* _Exercise input_
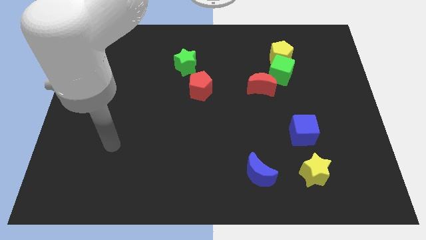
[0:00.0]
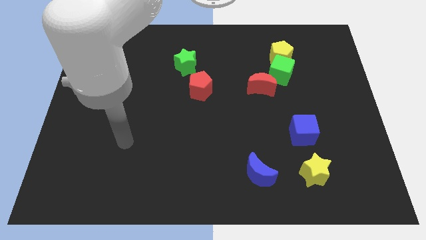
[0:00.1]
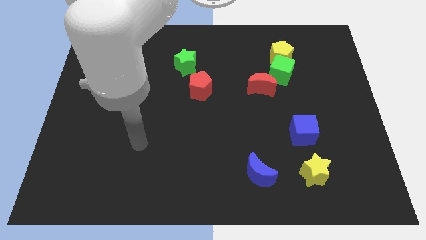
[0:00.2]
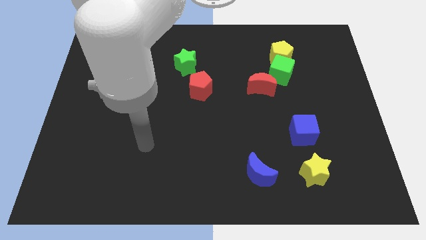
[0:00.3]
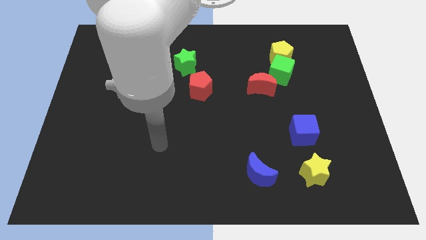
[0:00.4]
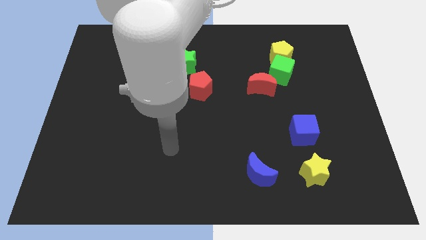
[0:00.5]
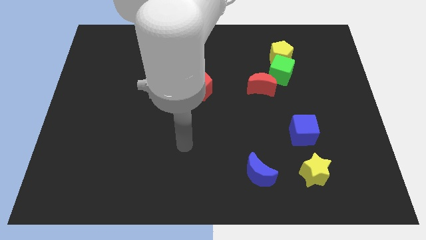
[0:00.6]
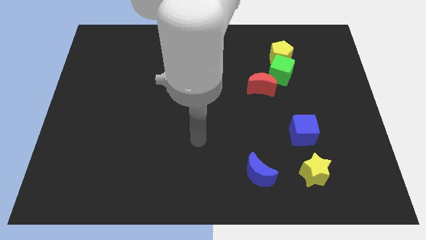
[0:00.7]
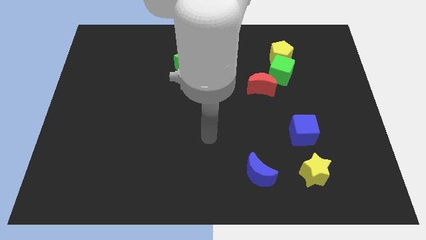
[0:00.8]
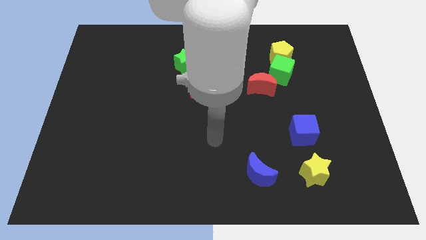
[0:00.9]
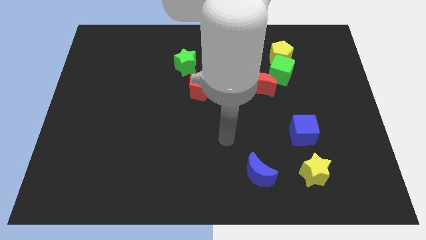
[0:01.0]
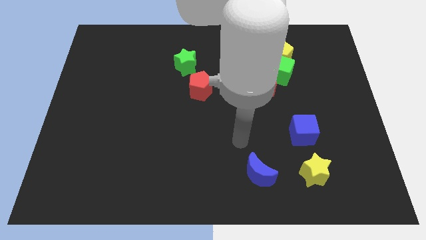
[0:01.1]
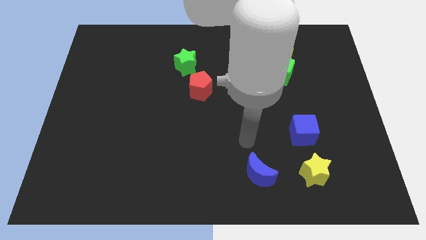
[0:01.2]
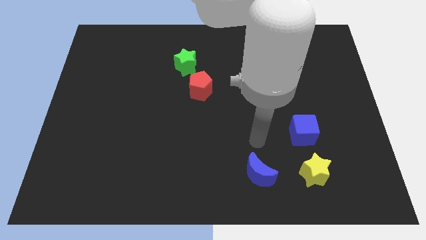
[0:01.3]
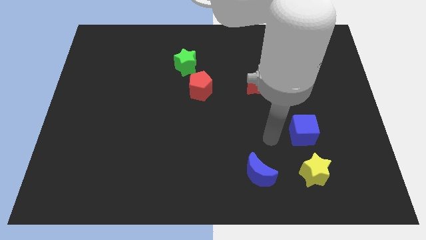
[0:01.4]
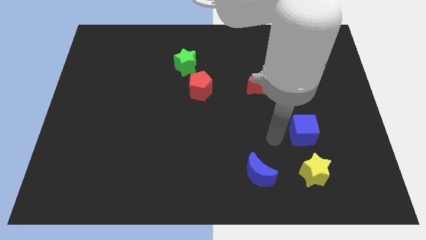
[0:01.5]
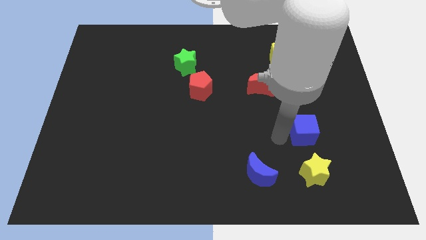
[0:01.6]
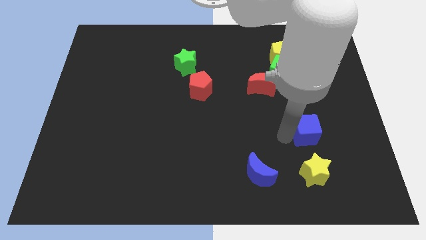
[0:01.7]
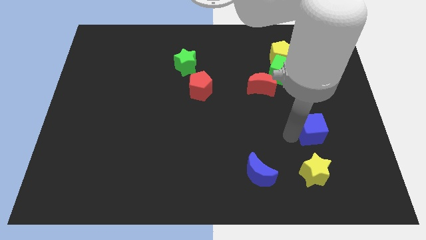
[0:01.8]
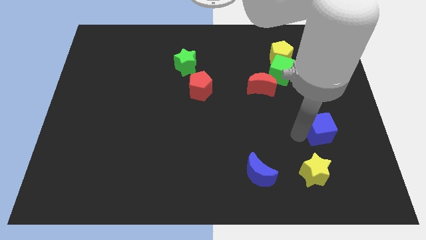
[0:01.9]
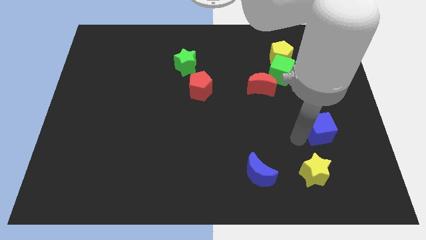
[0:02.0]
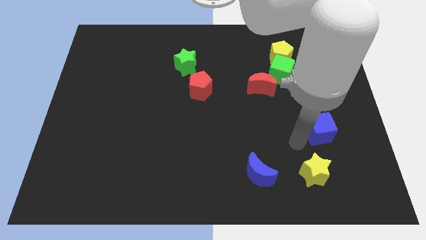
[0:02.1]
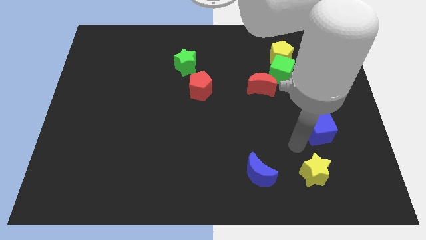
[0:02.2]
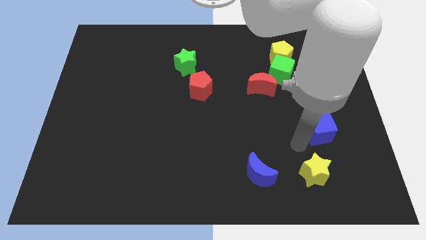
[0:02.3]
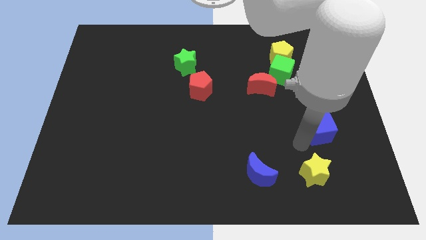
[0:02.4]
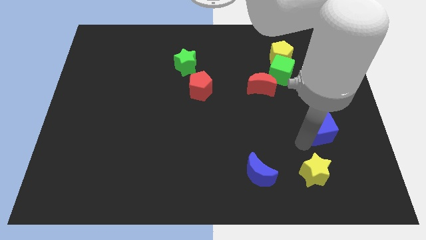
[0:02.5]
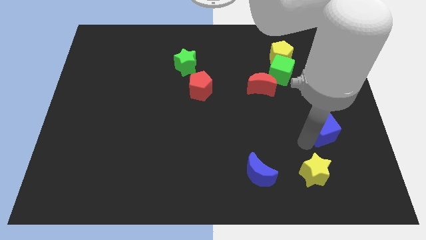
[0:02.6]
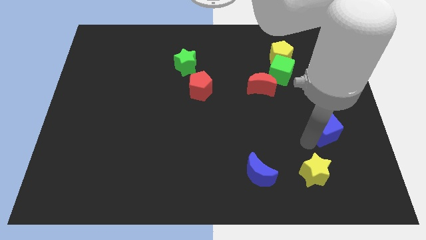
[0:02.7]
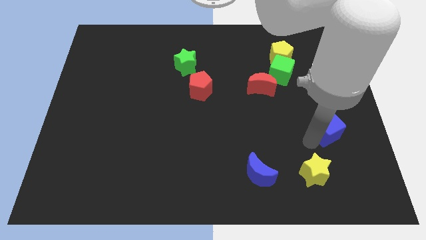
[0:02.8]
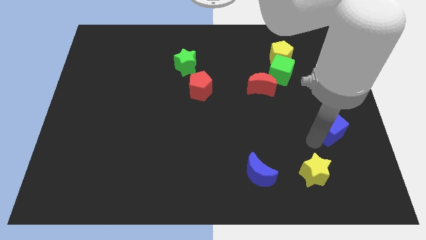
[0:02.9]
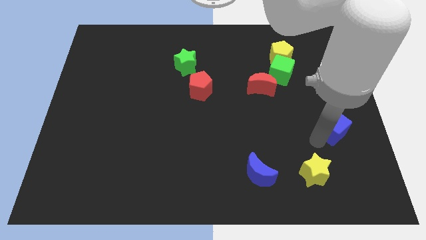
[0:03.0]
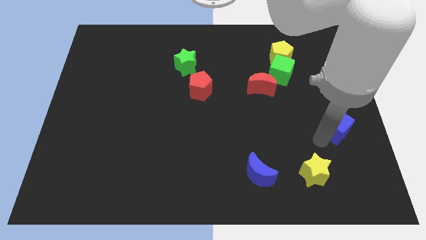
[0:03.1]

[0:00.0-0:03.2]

* _Problem_
Your reply must match the data above line for line, except that it holds no pictures.

* _Written solution_
[0:00.0]
[0:00.1]
[0:00.2]
[0:00.3]
[0:00.4]
[0:00.5]
[0:00.6]
[0:00.7]
[0:00.8]
[0:00.9]
[0:01.0]
[0:01.1]
[0:01.2]
[0:01.3]
[0:01.4]
[0:01.5]
[0:01.6]
[0:01.7]
[0:01.8]
[0:01.9]
[0:02.0]
[0:02.1]
[0:02.2]
[0:02.3]
[0:02.4]
[0:02.5]
[0:02.6]
[0:02.7]
[0:02.8]
[0:02.9]
[0:03.0]
[0:03.1]

[0:00.0-0:03.2]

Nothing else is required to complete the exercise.